Every entry in the data that follows should come back exactly, pictures aside.

» **Exercise data**
[Start of section]

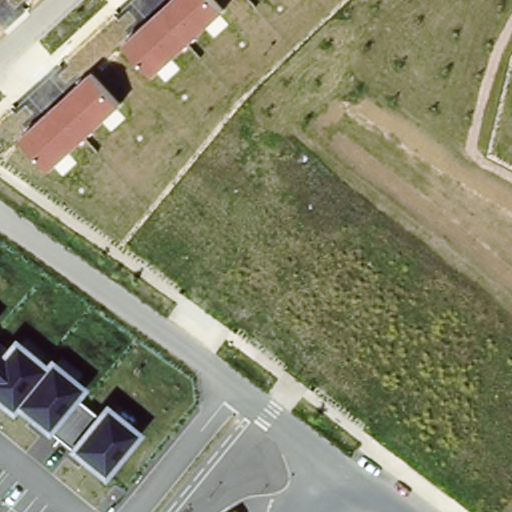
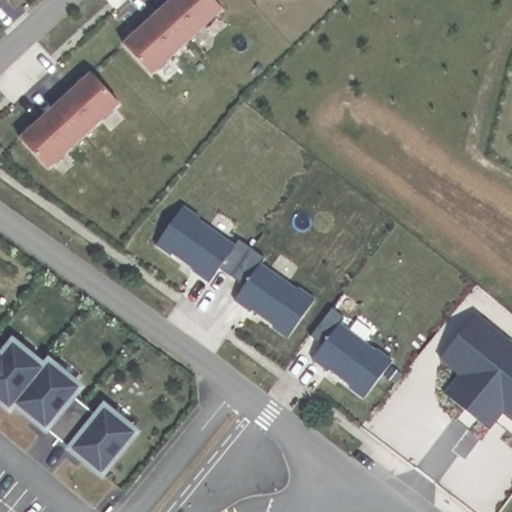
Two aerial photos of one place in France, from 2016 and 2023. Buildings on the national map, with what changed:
unchanged [(123,44),(171,0),(212,0),(222,12),(152,75),(123,44)]
unchanged [(21,137),(91,74),(118,105),(49,169),(21,137)]
new [(185,207),(201,217),(198,221),(236,246),(239,241),(265,259),(261,265),(297,289),(300,287),(316,300),(288,338),(272,327),(274,325),(254,310),(251,312),(234,301),(246,286),(220,267),(210,282),(192,271),(195,268),(172,252),(171,256),(156,246),(185,207)]
new [(332,310),(344,319),(340,325),(376,350),(378,348),(393,361),(364,398),(349,387),(351,385),(330,369),(328,371),(312,360),(324,345),(312,336),(332,310)]
new [(459,374),(439,358),(475,313),(512,344),(512,418),(504,411),(489,430),(477,421),(463,408),(443,392),(459,374)]
unchanged [(3,352),(13,337),(45,365),(48,362),(80,387),(72,397),(94,414),(100,404),(140,433),(104,479),(66,450),(46,435),(50,432),(44,429),(16,408),(10,415),(0,407),(0,349),(3,352)]

[End of section]

» **Reply to the exercise**
Two aerial photos of one place in France, from 2016 and 2023. Buildings on the national map, with what changed:
unchanged [(123,44),(171,0),(212,0),(222,12),(152,75),(123,44)]
unchanged [(21,137),(91,74),(118,105),(49,169),(21,137)]
new [(185,207),(201,217),(198,221),(236,246),(239,241),(265,259),(261,265),(297,289),(300,287),(316,300),(288,338),(272,327),(274,325),(254,310),(251,312),(234,301),(246,286),(220,267),(210,282),(192,271),(195,268),(172,252),(171,256),(156,246),(185,207)]
new [(332,310),(344,319),(340,325),(376,350),(378,348),(393,361),(364,398),(349,387),(351,385),(330,369),(328,371),(312,360),(324,345),(312,336),(332,310)]
new [(459,374),(439,358),(475,313),(512,344),(512,418),(504,411),(489,430),(477,421),(463,408),(443,392),(459,374)]
unchanged [(3,352),(13,337),(45,365),(48,362),(80,387),(72,397),(94,414),(100,404),(140,433),(104,479),(66,450),(46,435),(50,432),(44,429),(16,408),(10,415),(0,407),(0,349),(3,352)]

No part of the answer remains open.